[EXERCISE GOAL] What you give back should be exactly the lines from the one with "It is 4.2 seconds since image 1." through the final line of the material, pictures removed; please add nothing.

____

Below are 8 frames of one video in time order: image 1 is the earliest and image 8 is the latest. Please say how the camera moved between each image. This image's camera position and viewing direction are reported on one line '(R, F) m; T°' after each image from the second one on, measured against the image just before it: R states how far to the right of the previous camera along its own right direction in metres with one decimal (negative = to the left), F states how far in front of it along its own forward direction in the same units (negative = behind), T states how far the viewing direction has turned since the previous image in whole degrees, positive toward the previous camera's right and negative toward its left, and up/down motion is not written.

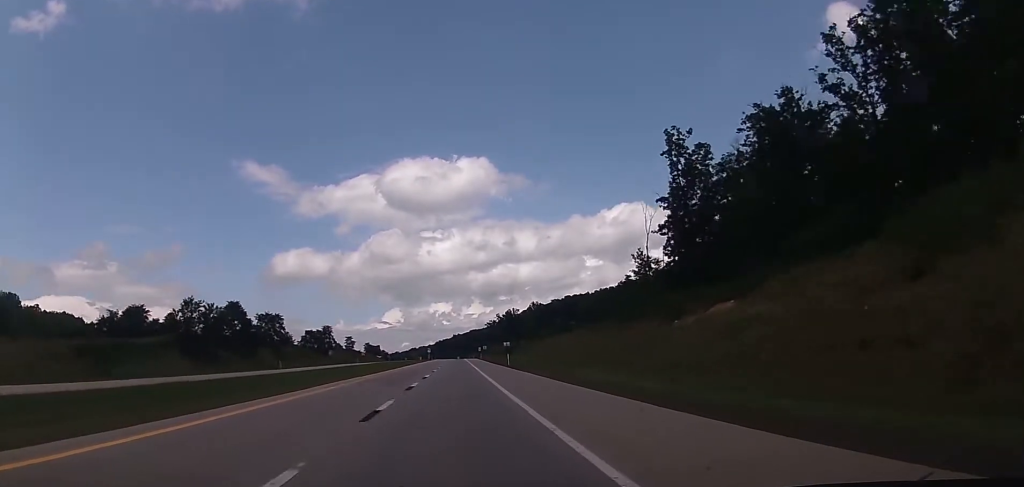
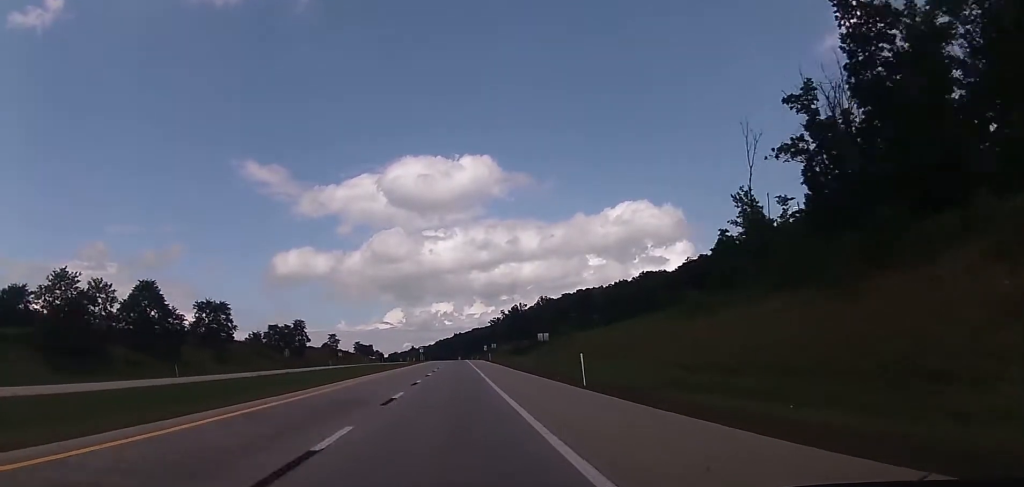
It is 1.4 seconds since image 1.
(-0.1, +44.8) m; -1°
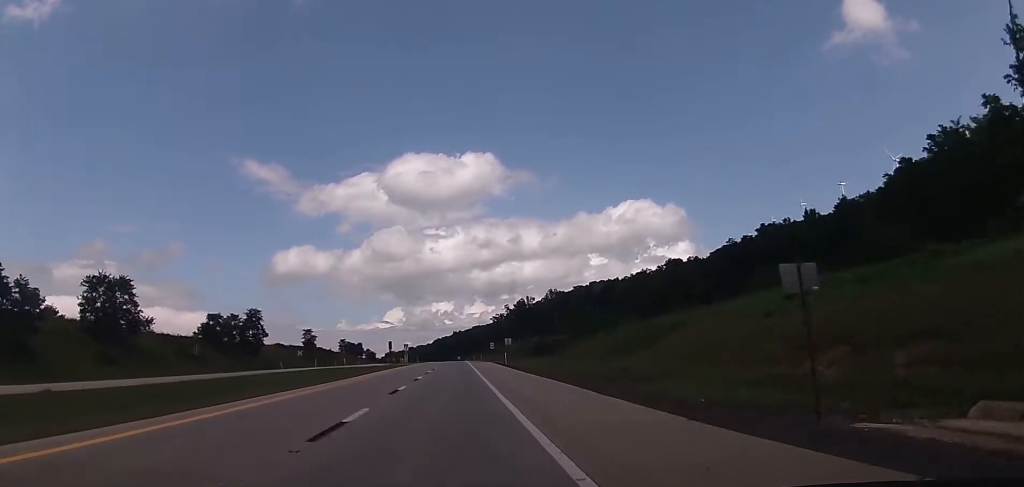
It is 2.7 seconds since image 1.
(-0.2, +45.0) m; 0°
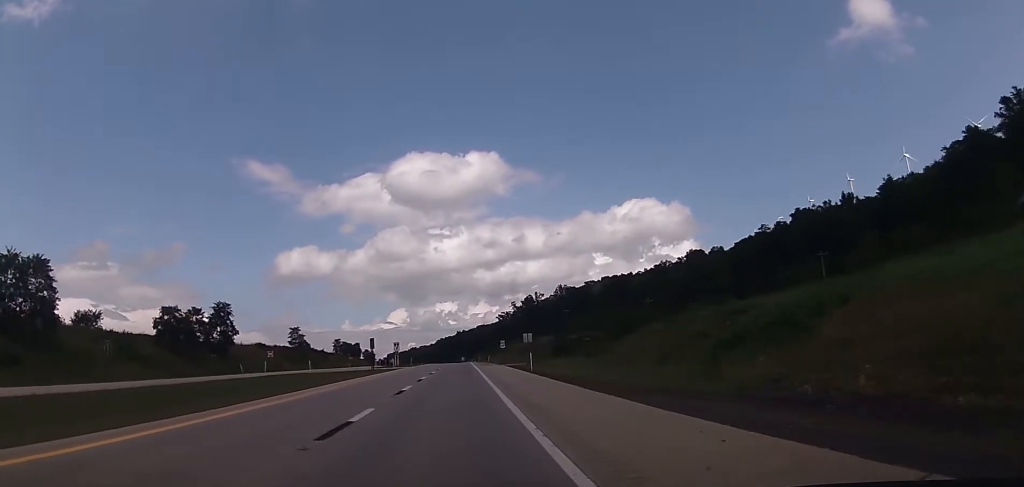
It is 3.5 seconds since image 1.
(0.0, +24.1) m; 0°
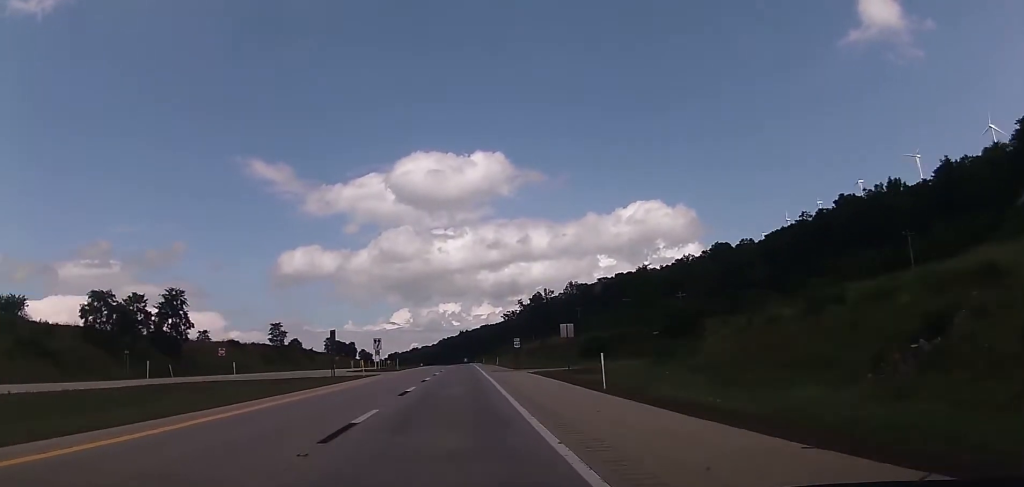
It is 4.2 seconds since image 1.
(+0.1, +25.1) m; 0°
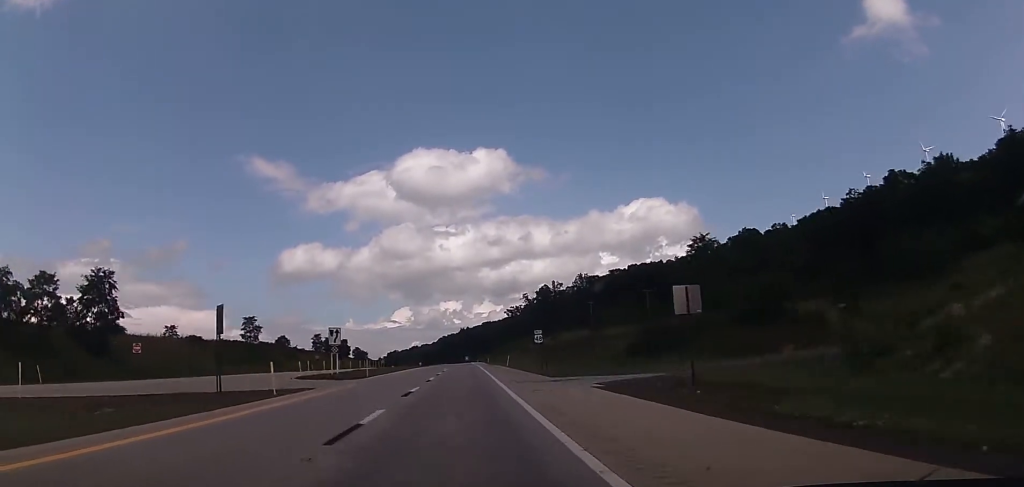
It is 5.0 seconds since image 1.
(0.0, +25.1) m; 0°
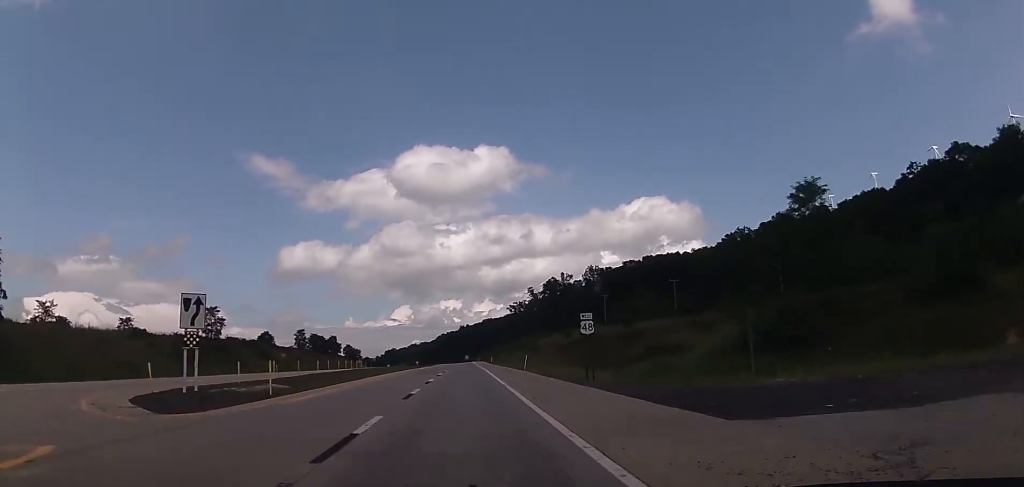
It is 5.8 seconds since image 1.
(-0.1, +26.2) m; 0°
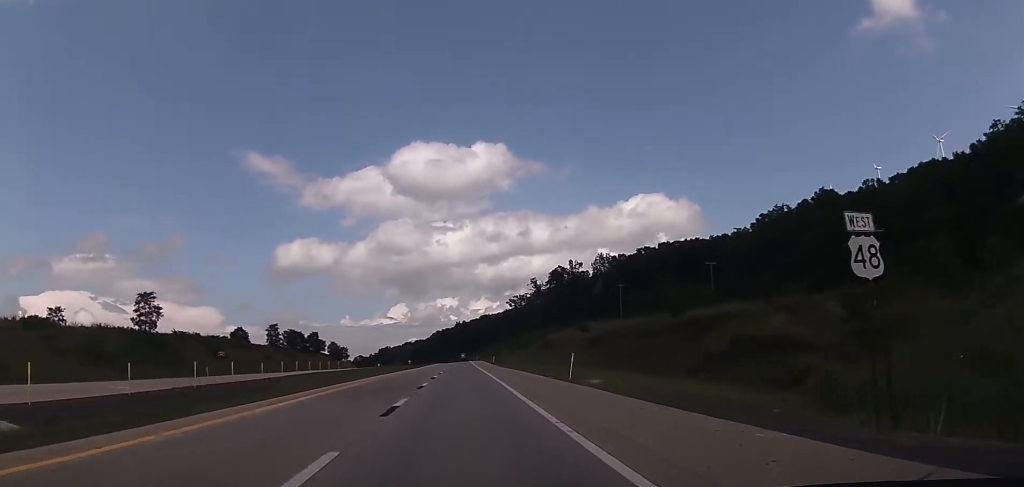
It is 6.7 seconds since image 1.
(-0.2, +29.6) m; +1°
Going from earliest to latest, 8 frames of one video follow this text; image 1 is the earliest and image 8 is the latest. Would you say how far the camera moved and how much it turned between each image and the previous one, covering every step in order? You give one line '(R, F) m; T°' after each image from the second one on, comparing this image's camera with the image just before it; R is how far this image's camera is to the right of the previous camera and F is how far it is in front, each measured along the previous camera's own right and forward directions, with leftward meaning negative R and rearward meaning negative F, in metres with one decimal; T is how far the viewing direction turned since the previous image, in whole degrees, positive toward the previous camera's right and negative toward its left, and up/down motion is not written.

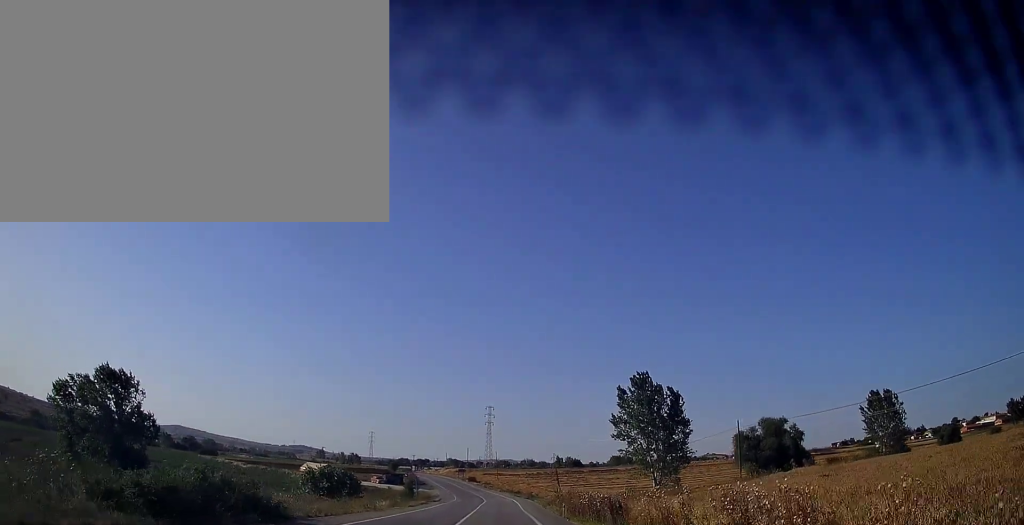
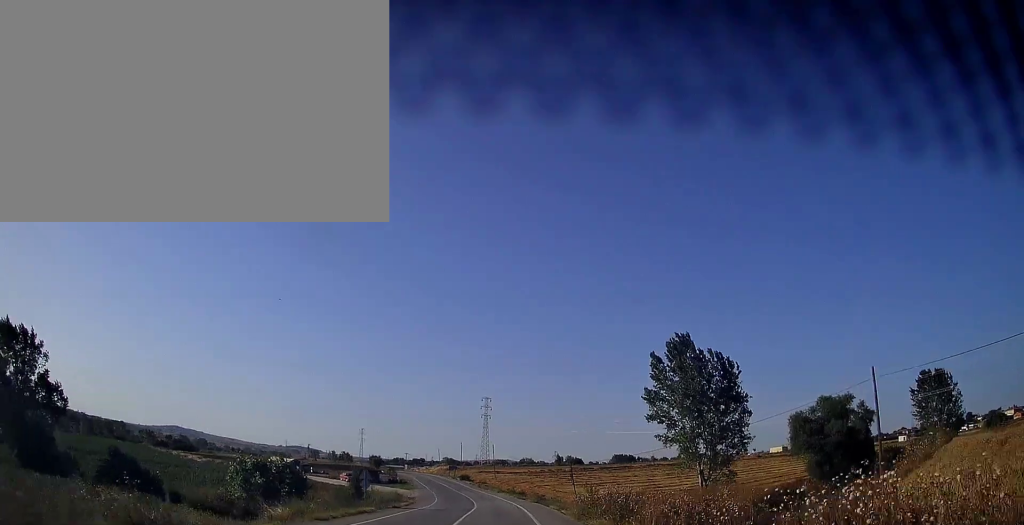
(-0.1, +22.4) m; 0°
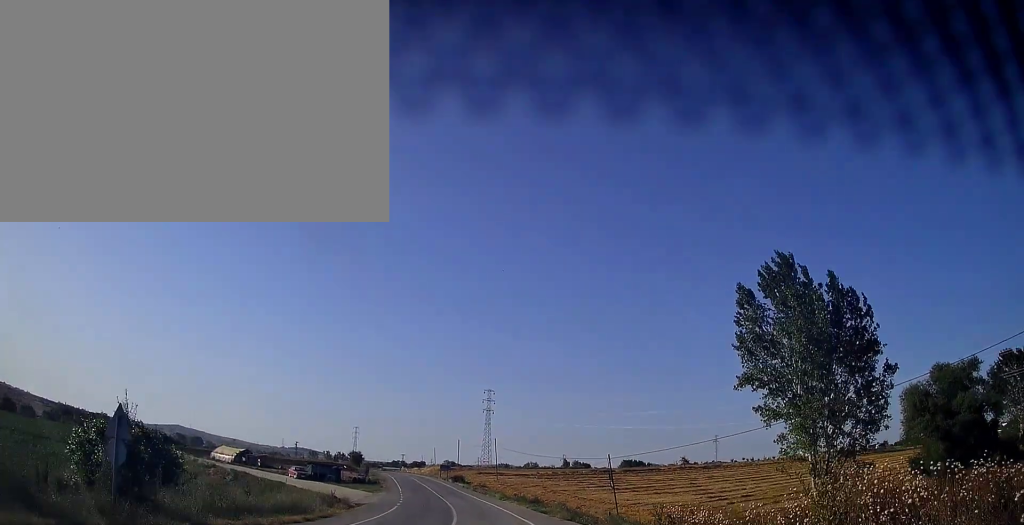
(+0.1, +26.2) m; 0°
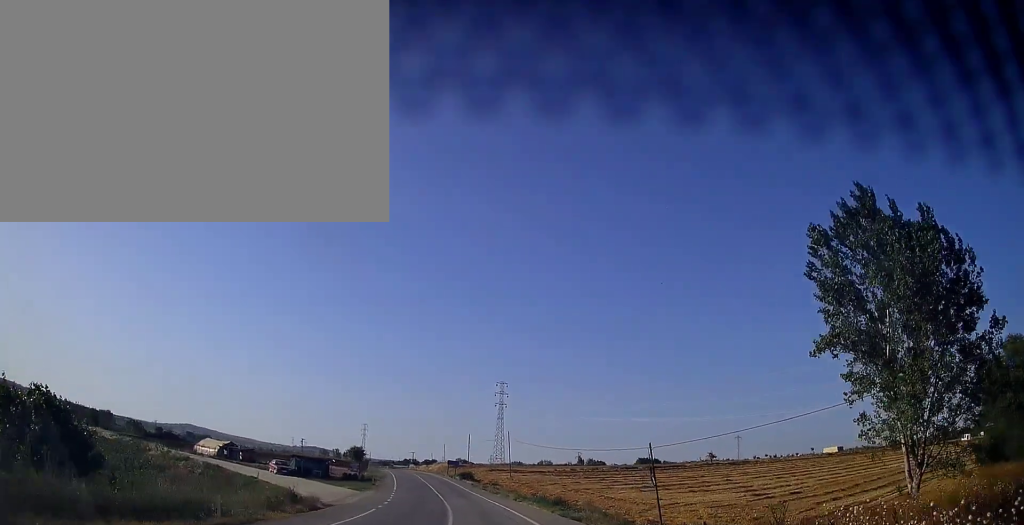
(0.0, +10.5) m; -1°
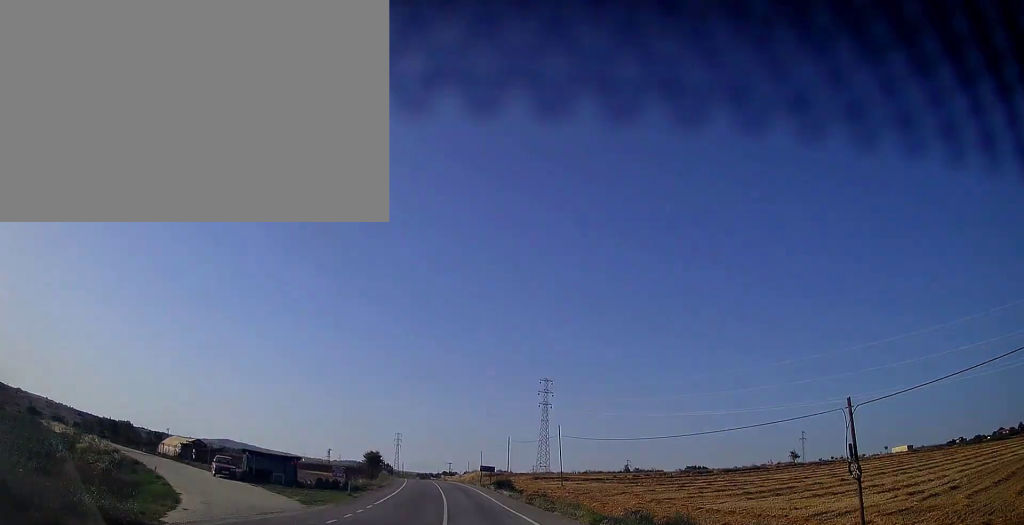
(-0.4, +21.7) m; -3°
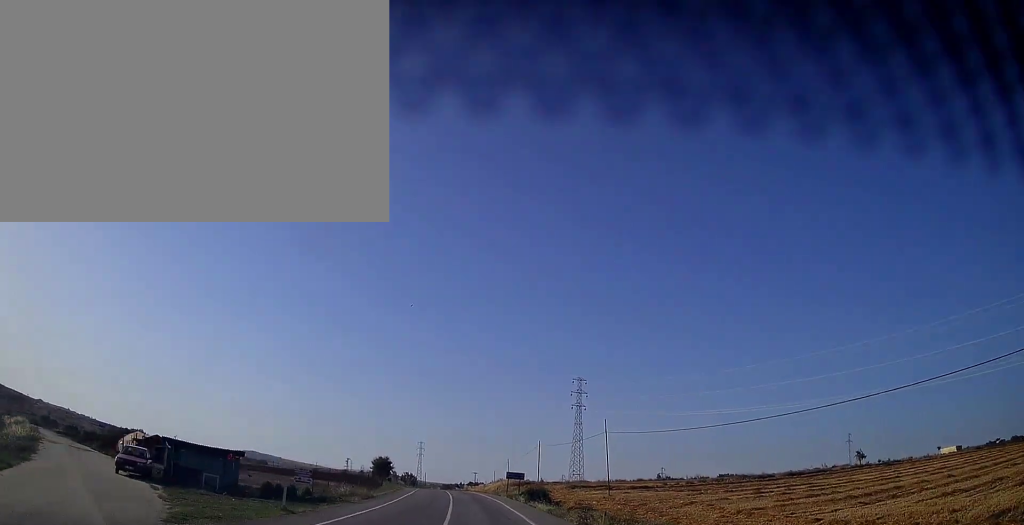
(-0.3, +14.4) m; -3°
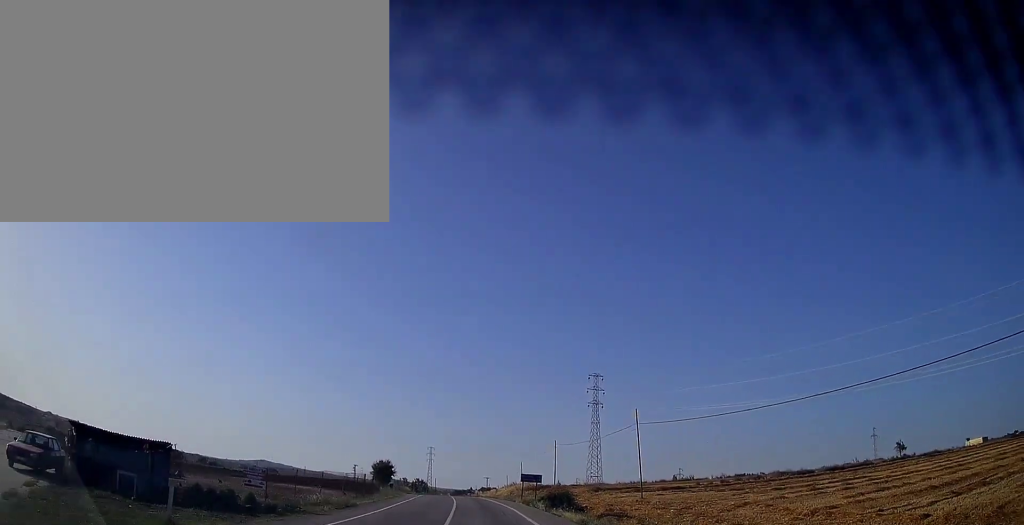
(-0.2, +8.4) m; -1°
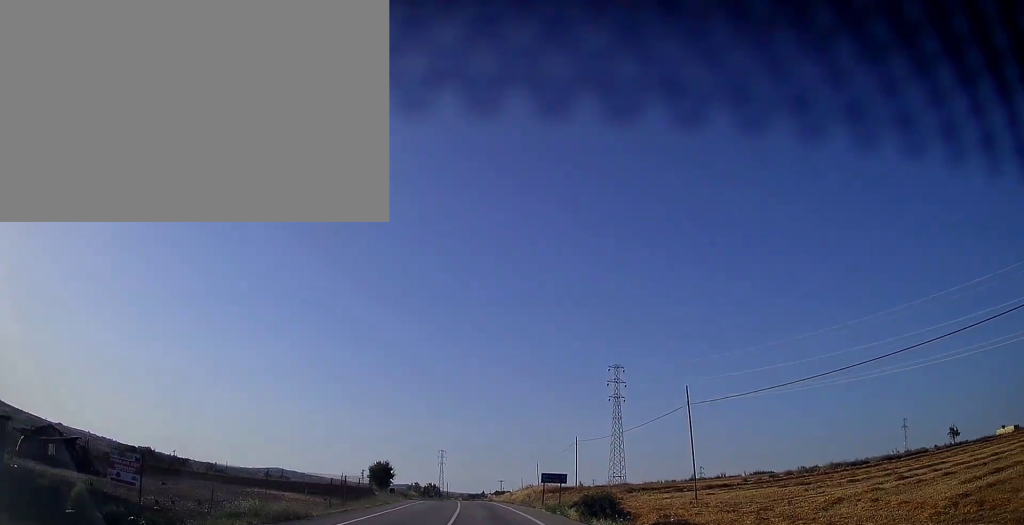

____

[REPLY]
It is 4.2 seconds since image 1.
(+0.1, +25.1) m; 0°
It is 5.0 seconds since image 1.
(0.0, +25.1) m; 0°
It is 5.8 seconds since image 1.
(-0.1, +26.2) m; 0°
It is 6.7 seconds since image 1.
(-0.2, +29.6) m; +1°
Going from earliest to latest, 8 frames of one video follow this text; image 1 is the earliest and image 8 is the latest. Would you say how far the camera moved and how much it turned between each image and the previous one, covering every step in order? You give one line '(R, F) m; T°' after each image from the second one on, comparing this image's camera with the image just before it; R is how far this image's camera is to the right of the previous camera and F is how far it is in front, each measured along the previous camera's own right and forward directions, with leftward meaning negative R and rearward meaning negative F, in metres with one decimal; T is how far the viewing direction turned since the previous image, in whole degrees, positive toward the previous camera's right and negative toward its left, and up/down motion is not written.

(-0.1, +22.4) m; 0°
(+0.1, +26.2) m; 0°
(0.0, +10.5) m; -1°
(-0.4, +21.7) m; -3°
(-0.3, +14.4) m; -3°
(-0.2, +8.4) m; -1°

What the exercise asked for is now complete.